Лидия подошла сбоку, тоже прижалась.

Баба Катя взглянула на Лидию и вдруг — чего уж и не ждала — увидела у ней в глазах взрослость. Вот когда увидела, дождалась! С благодарным понимани­ем, взросло, на равных, глядела на бабу Катю старшая ее внучка Лидия, трудная для нее в воспитанье, колю­чая, вздорная, любимая меньше Марии, хоть всю жизнь скрывала. Тут уж что поделаешь, если меньше, это в бабе Кате была вина перед Лидией. Потому ей проща­ла больше, за что с Марии сняла бы шерсть — тут про­щала.

Лидия взяла бабыкатину руку. Сжала в своей . По­гладила.

Вздрогнуло в бабе Кате сердце и стало в покое, би­лось теперь неслышно. Тоже — сама тыква, надумала про Ивана, про Лидку, стыд теперь и признаться.

•  Здравствуйте, тетя Катя, — сказал тихо Павлов.

Тоже он стоял теперь рядом, прижимая к себе пра­бабку. И сквозь мужскую его основательность баба Ка­тя видела теперь фамильную схожесть с Лидией — нервные скулы, обтянутые кожей туго, широкие крылья носа, самолюбивые губы, нижняя — чуть выдается. И удивлялась себе, что раньше не заметила этого, боялась видеть, заметить, даже обрадовалась, что он из Хаба­ровска. А поставить их с Лидкой к зеркалу да вглядеть­ся — каждый скажет, что брат и сестра. Но с Марией сходства почти что не было. Давно, когда Мария была совсем маленькой, баба Катя подолгу вглядывалась в нее с пристрастьем.
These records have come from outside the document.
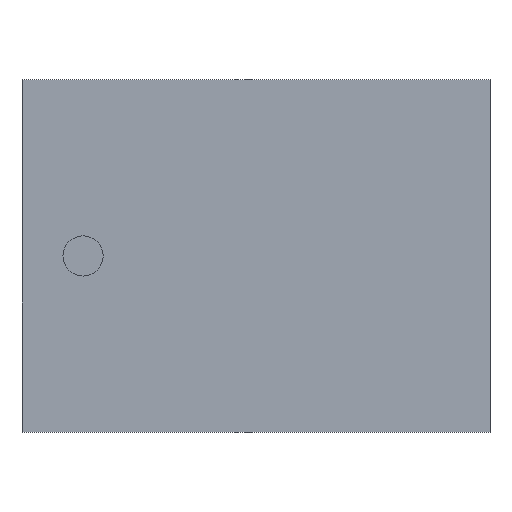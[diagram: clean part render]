
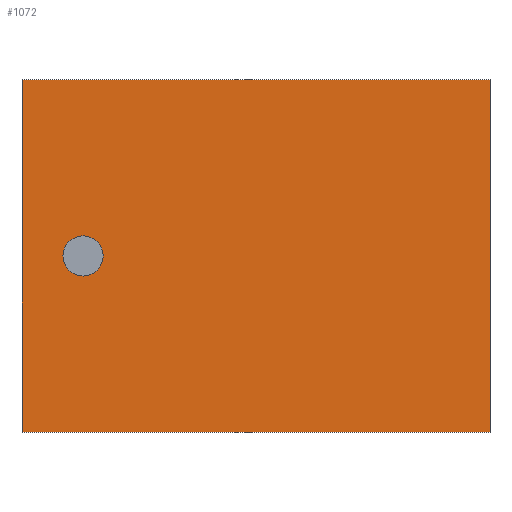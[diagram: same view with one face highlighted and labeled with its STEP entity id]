
A CAD part, top view. The second image highlights one B-rep face of the part: STEP entity #1072.
In plain terms, the highlighted planar face has unit normal (0, 0, 1).
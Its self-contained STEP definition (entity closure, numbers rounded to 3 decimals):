
#918=CARTESIAN_POINT('',(-0.748,0.,1.52));
#919=VERTEX_POINT('',#918);
#928=CARTESIAN_POINT('',(-0.944,0.,1.52));
#929=VERTEX_POINT('',#928);
#930=CARTESIAN_POINT('',(-0.846,0.,1.52));
#931=DIRECTION('',(0.0,0.0,-1.0));
#932=DIRECTION('',(1.0,0.0,0.0));
#933=AXIS2_PLACEMENT_3D('',#930,#931,#932);
#934=CIRCLE('',#933,0.098);
#935=EDGE_CURVE('',#929,#919,#934,.T.);
#969=CARTESIAN_POINT('',(-0.846,0.,1.52));
#970=DIRECTION('',(0.0,0.0,-1.0));
#971=DIRECTION('',(1.0,0.0,0.0));
#972=AXIS2_PLACEMENT_3D('',#969,#970,#971);
#973=CIRCLE('',#972,0.098);
#974=EDGE_CURVE('',#919,#929,#973,.T.);
#1029=CARTESIAN_POINT('',(0.,0.0,1.52));
#1030=DIRECTION('',(0.0,0.0,-1.0));
#1031=DIRECTION('',(1.0,0.0,0.0));
#1032=AXIS2_PLACEMENT_3D('',#1029,#1030,#1031);
#1033=PLANE('',#1032);
#1034=CARTESIAN_POINT('',(1.144,-0.863,1.52));
#1035=VERTEX_POINT('',#1034);
#1036=CARTESIAN_POINT('',(1.144,0.863,1.52));
#1037=VERTEX_POINT('',#1036);
#1038=CARTESIAN_POINT('',(1.144,-0.863,1.52));
#1039=DIRECTION('',(0.0,1.0,0.0));
#1040=VECTOR('',#1039,1.725);
#1041=LINE('',#1038,#1040);
#1042=EDGE_CURVE('',#1035,#1037,#1041,.T.);
#1043=ORIENTED_EDGE('',*,*,#1042,.T.);
#1044=CARTESIAN_POINT('',(-1.145,0.863,1.52));
#1045=VERTEX_POINT('',#1044);
#1046=CARTESIAN_POINT('',(1.144,0.863,1.52));
#1047=DIRECTION('',(-1.0,0.0,0.0));
#1048=VECTOR('',#1047,2.289);
#1049=LINE('',#1046,#1048);
#1050=EDGE_CURVE('',#1037,#1045,#1049,.T.);
#1051=ORIENTED_EDGE('',*,*,#1050,.T.);
#1052=CARTESIAN_POINT('',(-1.145,-0.863,1.52));
#1053=VERTEX_POINT('',#1052);
#1054=CARTESIAN_POINT('',(-1.145,0.863,1.52));
#1055=DIRECTION('',(0.0,-1.0,0.0));
#1056=VECTOR('',#1055,1.725);
#1057=LINE('',#1054,#1056);
#1058=EDGE_CURVE('',#1045,#1053,#1057,.T.);
#1059=ORIENTED_EDGE('',*,*,#1058,.T.);
#1060=CARTESIAN_POINT('',(-1.145,-0.863,1.52));
#1061=DIRECTION('',(1.0,0.0,0.0));
#1062=VECTOR('',#1061,2.289);
#1063=LINE('',#1060,#1062);
#1064=EDGE_CURVE('',#1053,#1035,#1063,.T.);
#1065=ORIENTED_EDGE('',*,*,#1064,.T.);
#1066=EDGE_LOOP('',(#1043,#1051,#1059,#1065));
#1067=FACE_OUTER_BOUND('',#1066,.T.);
#1068=ORIENTED_EDGE('',*,*,#974,.T.);
#1069=ORIENTED_EDGE('',*,*,#935,.T.);
#1070=EDGE_LOOP('',(#1068,#1069));
#1071=FACE_BOUND('',#1070,.T.);
#1072=ADVANCED_FACE('',(#1067,#1071),#1033,.F.);

Же­сты ее, как ходит, как морщится, сдвигая слабые брови, — все проверяла пристрастно. Искала в Марии черты Григория, чего, конечно, быть не могло, но все равно ис­кала. Очень хотела найти, до бессонницы. Не нашла. Са­ма ругала Григория «бабником», но он не был бабник, как, к примеру, Скляр. Просто любил оказать внимание женщине, той же Насте Павловой, любил, чтобы нра­виться, до своего предела. Знала баба Катя, что — до своего предела, не переступал никогда. Но вот искала, в Марии.

Так жизнь иной раз сложится, что и не поверишь — будешь в соседской девочке искать черты любимого му­жа и плакать в подушку, если их нет. Нет, конечно. Но была эта девочка — ее, и постепенно баба Катя переста­ла искать тут Григория. Зато часто стала находить в Марии свое — привычки, вкусы, даже во внешности. Иной раз вовсе забудешь, что не сама родила…

— Чего уж там — тетя Катя! — баба Катя взглянула на Павлова, засмеялаеь легко. — Зови уж –– как все, привыкай!

Мария громко хлюпнула носом.

— А можно? — Павлов вытаращил глаза, как Ма­рия, тоже засмеялся. — Тогда попробую. Баба Катя!

— Вот это я откликаюсь, — одобрила баба Катя.

— За что царапкинский дом люблю — не соску­чишься, — подал голос директор Иргушин.

И сразу все задвигались, загалдели. Шумно сдела­лось в доме, даже — буйно. Иван, уж на что привыч­ный, проснулся в соседней комнате, загудел. Лидия хо­тела к нему подойти, но только взглянула на бабу Ка­тю.

— Сейчас! — крикнула баба Катя. Вышла. Иван за­тих.

— А я чего-то почуяла, — возбужденно объясняла всем Ольга Миронова. — Что-то мне такое в его лице по­казалось…

•  Нюх у тебя, как у Пакли, — дразнил Иргушин.

Филаретыч покашлял в углу, тоже сказал:

— У меня портвейн стоит, пятнадцатый номер. Мо­жет, принести?

— Скорей неси, Алексей Филаретыч, — одобрила ба­ба Катя с порога. — Есть у нас случай — твой портвейн выпить.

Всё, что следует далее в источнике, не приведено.